Starting at the top of the records below, write out each line exactly as it stands, stopping after the line with "43.364C49.275 43.364 51.122"; exclude the pictures.

Source data:
● ● ● ●
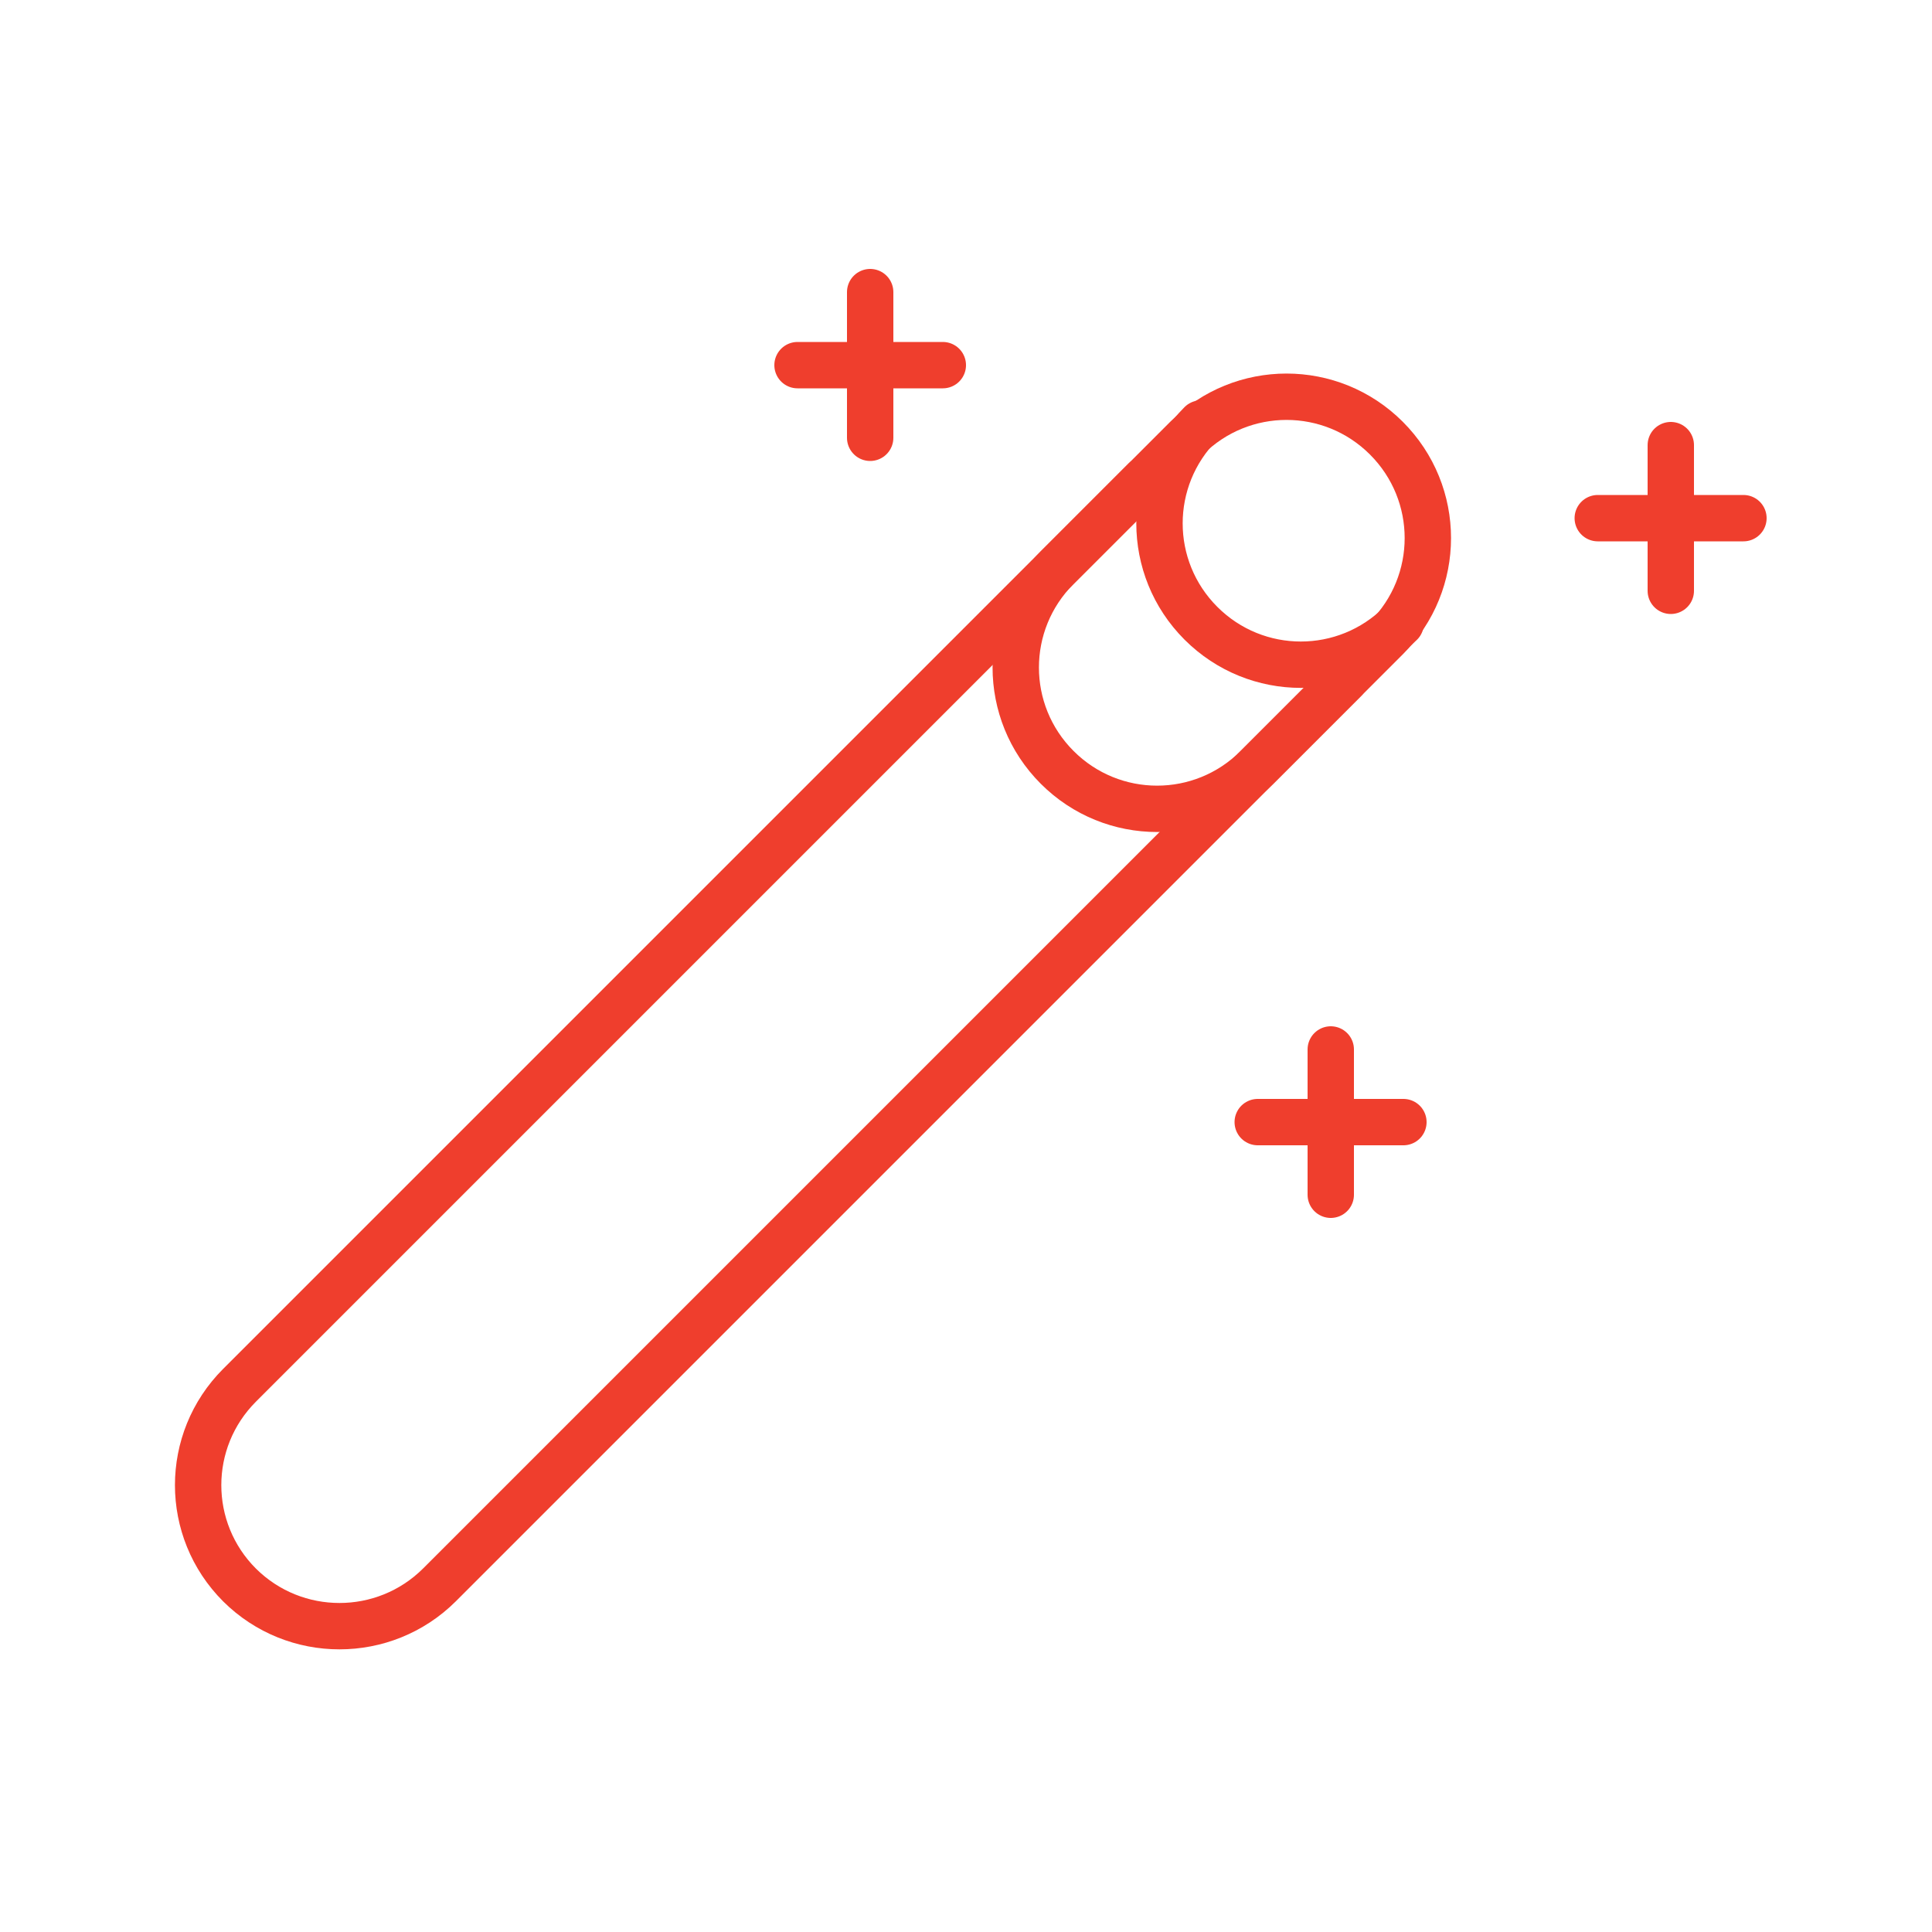 <svg xmlns="http://www.w3.org/2000/svg" xmlns:xlink="http://www.w3.org/1999/xlink" id="Layer_1" x="0px" y="0px" viewBox="0 0 500 500" style="enable-background:new 0 0 500 500;" xml:space="preserve"><style type="text/css">	.st0{fill:none;stroke:#EF3E2D;stroke-width:12;stroke-linecap:round;stroke-linejoin:round;stroke-miterlimit:10;}</style><g>	<path class="st0" d="M62,410.2L62,410.2c-14.3-14.3-14.3-37.4,0-51.7l245.1-245.1c14.3-14.3,37.4-14.3,51.7,0l0,0  c14.3,14.3,14.3,37.4,0,51.7L113.7,410.2C99.4,424.4,76.3,424.4,62,410.2z"></path>	<path class="st0" d="M348,175.9l-22.7,22.7c-14.3,14.3-37.4,14.3-51.7,0l0,0c-14.3-14.3-14.3-37.4,0-51.7l22.7-22.7"></path>	<path class="st0" d="M362.5,161.3c-14.3,14.3-37.4,14.3-51.7,0l0,0c-14.3-14.3-14.3-37.4,0-51.7"></path>	<line class="st0" x1="206.4" y1="94.5" x2="244" y2="94.5"></line>	<line class="st0" x1="225.2" y1="113.3" x2="225.2" y2="75.6"></line>	<line class="st0" x1="413.5" y1="134.1" x2="451.2" y2="134.1"></line>	<line class="st0" x1="432.4" y1="152.9" x2="432.4" y2="115.2"></line>	<line class="st0" x1="325.5" y1="290.4" x2="363.2" y2="290.4"></line>	<line class="st0" x1="344.4" y1="309.2" x2="344.4" y2="271.6"></line></g></svg>
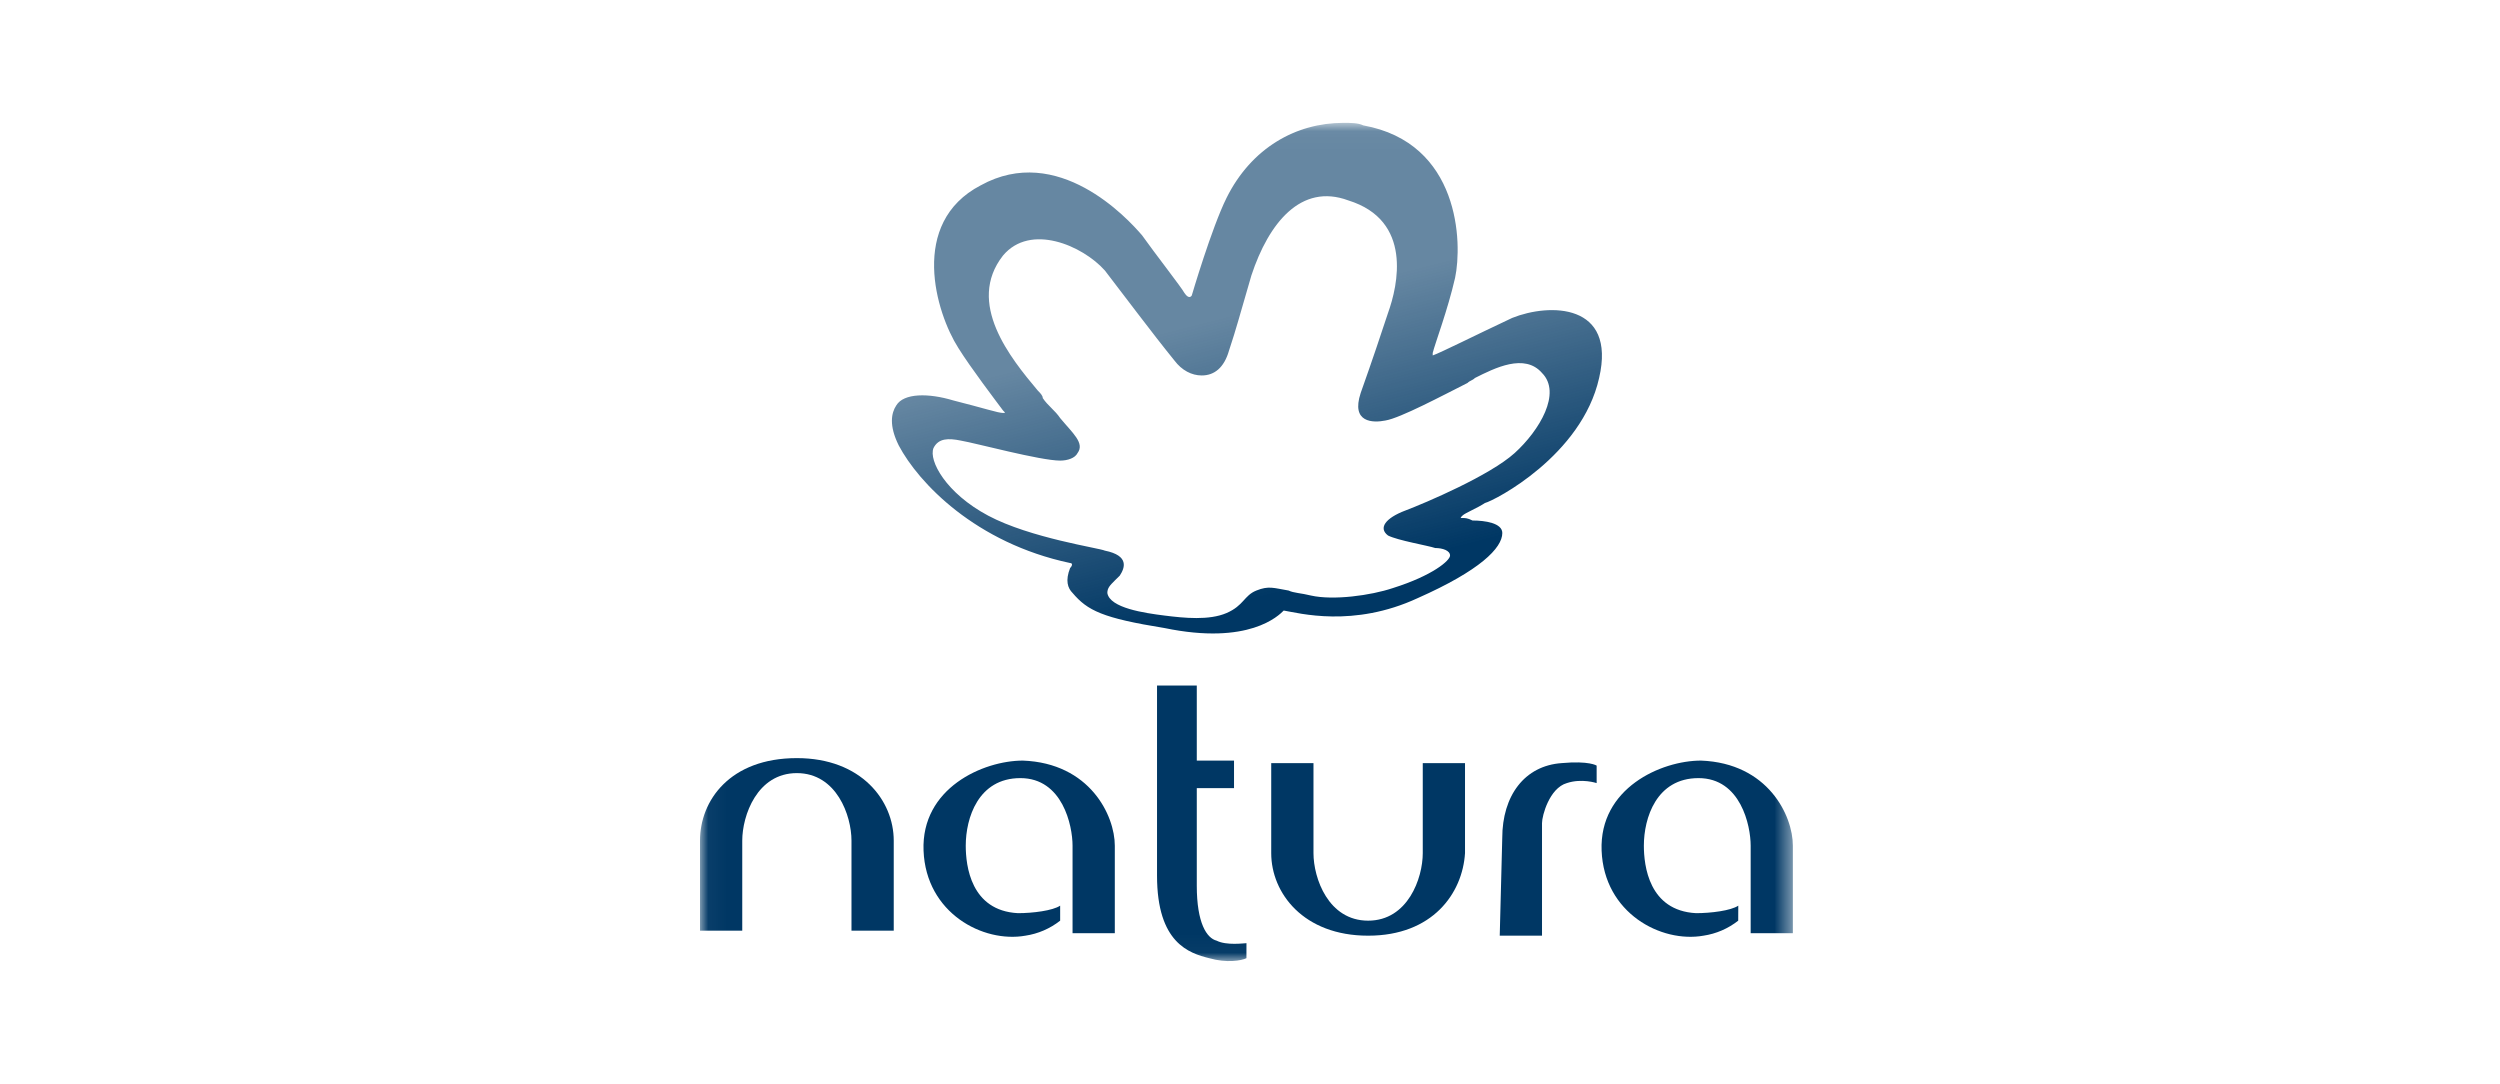 <svg width="143" height="62" viewBox="0 0 143 62" fill="none" xmlns="http://www.w3.org/2000/svg">
<mask id="mask0_73_120" style="mask-type:luminance" maskUnits="userSpaceOnUse" x="40" y="7" width="63" height="48">
<path d="M102.551 7.027H40.04V54.974H102.551V7.027Z" fill="white"/>
</mask>
<g mask="url(#mask0_73_120)">
<path d="M45.581 43.364C49.275 43.364 51.122 45.797 51.122 48.084V53.234H48.705V48.084C48.705 46.654 47.856 44.222 45.579 44.222C43.303 44.222 42.457 46.654 42.457 48.084V53.234H40.04V48.084C40.04 45.795 41.745 43.364 45.581 43.364Z" fill="#003764"/>
<path d="M78.254 53.521C74.561 53.521 72.714 51.087 72.714 48.8V43.65H75.131V48.8C75.131 50.231 75.98 52.662 78.257 52.662C80.533 52.662 81.382 50.228 81.382 48.8V43.65H83.799V48.8C83.657 51.089 81.953 53.521 78.259 53.521" fill="#003764"/>
<path d="M60.641 52.662C60.063 53.117 59.377 53.413 58.652 53.521C56.235 53.95 52.968 52.233 52.827 48.657C52.685 45.081 56.236 43.506 58.51 43.506C62.346 43.65 63.767 46.654 63.767 48.371V53.378H61.35V48.371C61.35 47.226 60.781 44.508 58.366 44.508C55.951 44.508 55.241 46.797 55.241 48.371C55.241 49.515 55.525 52.09 58.224 52.233C59.076 52.233 60.213 52.09 60.641 51.804V52.662Z" fill="#003764"/>
<path d="M71.296 54.809C71.012 54.951 70.159 55.094 69.165 54.809C68.028 54.522 66.182 53.953 66.182 50.087V39.214H68.456V43.506H70.586V45.08H68.456V50.659C68.456 52.806 69.025 53.663 69.593 53.807C70.161 54.093 71.156 53.95 71.298 53.95L71.296 54.809Z" fill="#003764"/>
<path d="M85.929 47.941C85.929 45.507 87.208 43.792 89.339 43.649C90.901 43.506 91.328 43.792 91.328 43.792V44.793C91.328 44.793 90.479 44.507 89.623 44.793C88.628 45.079 88.203 46.653 88.203 47.082V53.52H85.785L85.929 47.941Z" fill="#003764"/>
<path d="M99.426 52.662C98.848 53.117 98.163 53.413 97.437 53.521C95.02 53.95 91.754 52.233 91.612 48.657C91.471 45.081 95.022 43.506 97.296 43.506C101.131 43.65 102.552 46.654 102.552 48.371V53.378H100.138V48.371C100.138 47.226 99.57 44.508 97.155 44.508C94.74 44.508 94.029 46.797 94.029 48.371C94.029 49.515 94.314 52.09 97.013 52.233C97.862 52.233 99.002 52.09 99.43 51.804L99.426 52.662Z" fill="#003764"/>
<path d="M71.58 15.754C70.87 18.187 70.728 18.758 70.302 20.045C70.017 21.047 69.449 21.476 68.739 21.476C68.17 21.476 67.602 21.189 67.176 20.62C65.897 19.047 64.192 16.758 63.197 15.471C61.919 14.04 58.936 12.752 57.373 14.616C55.242 17.334 57.799 20.481 59.362 22.341C59.504 22.484 59.646 22.627 59.646 22.77C59.93 23.199 60.357 23.485 60.641 23.914C61.351 24.772 62.061 25.345 61.635 25.917C61.493 26.203 61.067 26.346 60.641 26.346C59.504 26.346 55.807 25.345 54.958 25.202C54.247 25.058 53.679 25.058 53.395 25.631C53.111 26.346 54.105 28.206 56.52 29.493C58.935 30.78 62.914 31.353 63.197 31.496C64.618 31.782 64.334 32.498 64.05 32.927L63.766 33.206C63.482 33.492 63.34 33.636 63.34 33.921C63.482 34.78 65.471 35.066 66.606 35.209C67.742 35.353 69.163 35.495 70.158 35.066C71.152 34.636 71.153 34.065 71.863 33.779C72.573 33.492 72.857 33.636 73.71 33.779C73.994 33.921 74.42 33.921 74.989 34.065C76.267 34.351 78.398 34.065 79.677 33.636C81.95 32.92 82.943 32.062 82.943 31.776C82.943 31.49 82.516 31.347 82.094 31.347C81.668 31.203 79.963 30.917 79.395 30.631C78.827 30.202 79.252 29.63 80.389 29.201C81.526 28.771 85.223 27.198 86.641 25.912C88.058 24.625 89.34 22.479 88.203 21.334C87.209 20.19 85.504 21.048 84.367 21.62C84.225 21.763 84.083 21.763 83.941 21.906C82.52 22.621 80.105 23.909 79.252 24.052C78.542 24.195 77.263 24.195 77.831 22.479C78.542 20.476 78.968 19.19 79.395 17.901C79.963 16.327 80.816 12.607 77.122 11.463C74.422 10.46 72.572 12.749 71.58 15.754ZM68.17 16.898C68.17 16.898 69.305 13.035 70.159 11.319C71.58 8.458 74.139 7.027 76.837 7.027C77.263 7.027 77.689 7.027 77.973 7.17C83.514 8.171 83.656 13.893 83.23 15.896C82.803 17.756 82.093 19.616 81.951 20.188V20.331C82.377 20.188 84.368 19.186 86.498 18.185C88.628 17.33 92.465 17.33 91.47 21.619C90.476 26.054 85.503 28.628 84.938 28.772C84.511 29.058 83.801 29.344 83.658 29.487C83.516 29.629 83.517 29.63 83.658 29.63C83.8 29.63 83.943 29.63 84.227 29.773C84.938 29.773 85.932 29.916 85.932 30.488C85.932 31.347 84.653 32.634 81.102 34.208C77.408 35.924 74.282 35.063 73.429 34.923C73.145 35.209 71.441 36.926 66.61 35.924C63.059 35.352 62.206 34.923 61.354 33.921C61.069 33.636 60.928 33.206 61.211 32.491C61.354 32.348 61.354 32.205 61.211 32.205C55.813 31.061 52.545 27.627 51.409 25.481C50.84 24.337 50.982 23.621 51.266 23.192C51.693 22.477 53.114 22.477 54.532 22.906C56.237 23.335 57.089 23.621 57.373 23.621C57.516 23.621 57.516 23.621 57.373 23.479C56.947 22.906 55.527 21.045 54.816 19.902C53.537 17.899 51.974 12.749 56.094 10.603C60.498 8.169 64.477 12.463 65.329 13.464C66.039 14.466 67.602 16.469 67.746 16.753C68.03 17.183 68.172 16.897 68.172 16.897L68.17 16.898Z" fill="url(#paint0_linear_73_120)"/>
</g>
<defs>
<linearGradient id="paint0_linear_73_120" x1="74.245" y1="33.634" x2="70.269" y2="18.05" gradientUnits="userSpaceOnUse">
<stop stop-color="#003764"/>
<stop offset="1" stop-color="#003764" stop-opacity="0.6"/>
</linearGradient>
</defs>
</svg>
● ● ● ●
FINISHED TASK:
 <svg xmlns="http://www.w3.org/2000/svg" xmlns:xlink="http://www.w3.org/1999/xlink" id="Layer_1" x="0px" y="0px" viewBox="0 0 500 500" style="enable-background:new 0 0 500 500;" xml:space="preserve"><style type="text/css">	.st0{fill:none;stroke:#EF3E2D;stroke-width:12;stroke-linecap:round;stroke-linejoin:round;stroke-miterlimit:10;}</style><g>	<path class="st0" d="M62,410.2L62,410.2c-14.3-14.3-14.3-37.4,0-51.7l245.1-245.1c14.3-14.3,37.4-14.3,51.7,0l0,0  c14.3,14.3,14.3,37.4,0,51.7L113.7,410.2C99.4,424.4,76.3,424.4,62,410.2z"></path>	<path class="st0" d="M348,175.9l-22.7,22.7c-14.3,14.3-37.4,14.3-51.7,0l0,0c-14.3-14.3-14.3-37.4,0-51.7l22.7-22.7"></path>	<path class="st0" d="M362.5,161.3c-14.3,14.3-37.4,14.3-51.7,0l0,0c-14.3-14.3-14.3-37.4,0-51.7"></path>	<line class="st0" x1="206.4" y1="94.5" x2="244" y2="94.5"></line>	<line class="st0" x1="225.2" y1="113.3" x2="225.2" y2="75.6"></line>	<line class="st0" x1="413.5" y1="134.1" x2="451.2" y2="134.1"></line>	<line class="st0" x1="432.4" y1="152.9" x2="432.4" y2="115.2"></line>	<line class="st0" x1="325.5" y1="290.4" x2="363.2" y2="290.4"></line>	<line class="st0" x1="344.4" y1="309.2" x2="344.4" y2="271.6"></line></g></svg>
 <svg width="143" height="62" viewBox="0 0 143 62" fill="none" xmlns="http://www.w3.org/2000/svg">
<mask id="mask0_73_120" style="mask-type:luminance" maskUnits="userSpaceOnUse" x="40" y="7" width="63" height="48">
<path d="M102.551 7.027H40.04V54.974H102.551V7.027Z" fill="white"/>
</mask>
<g mask="url(#mask0_73_120)">
<path d="M45.581 43.364C49.275 43.364 51.122 45.797 51.122 48.084V53.234H48.705V48.084C48.705 46.654 47.856 44.222 45.579 44.222C43.303 44.222 42.457 46.654 42.457 48.084V53.234H40.04V48.084C40.04 45.795 41.745 43.364 45.581 43.364Z" fill="#003764"/>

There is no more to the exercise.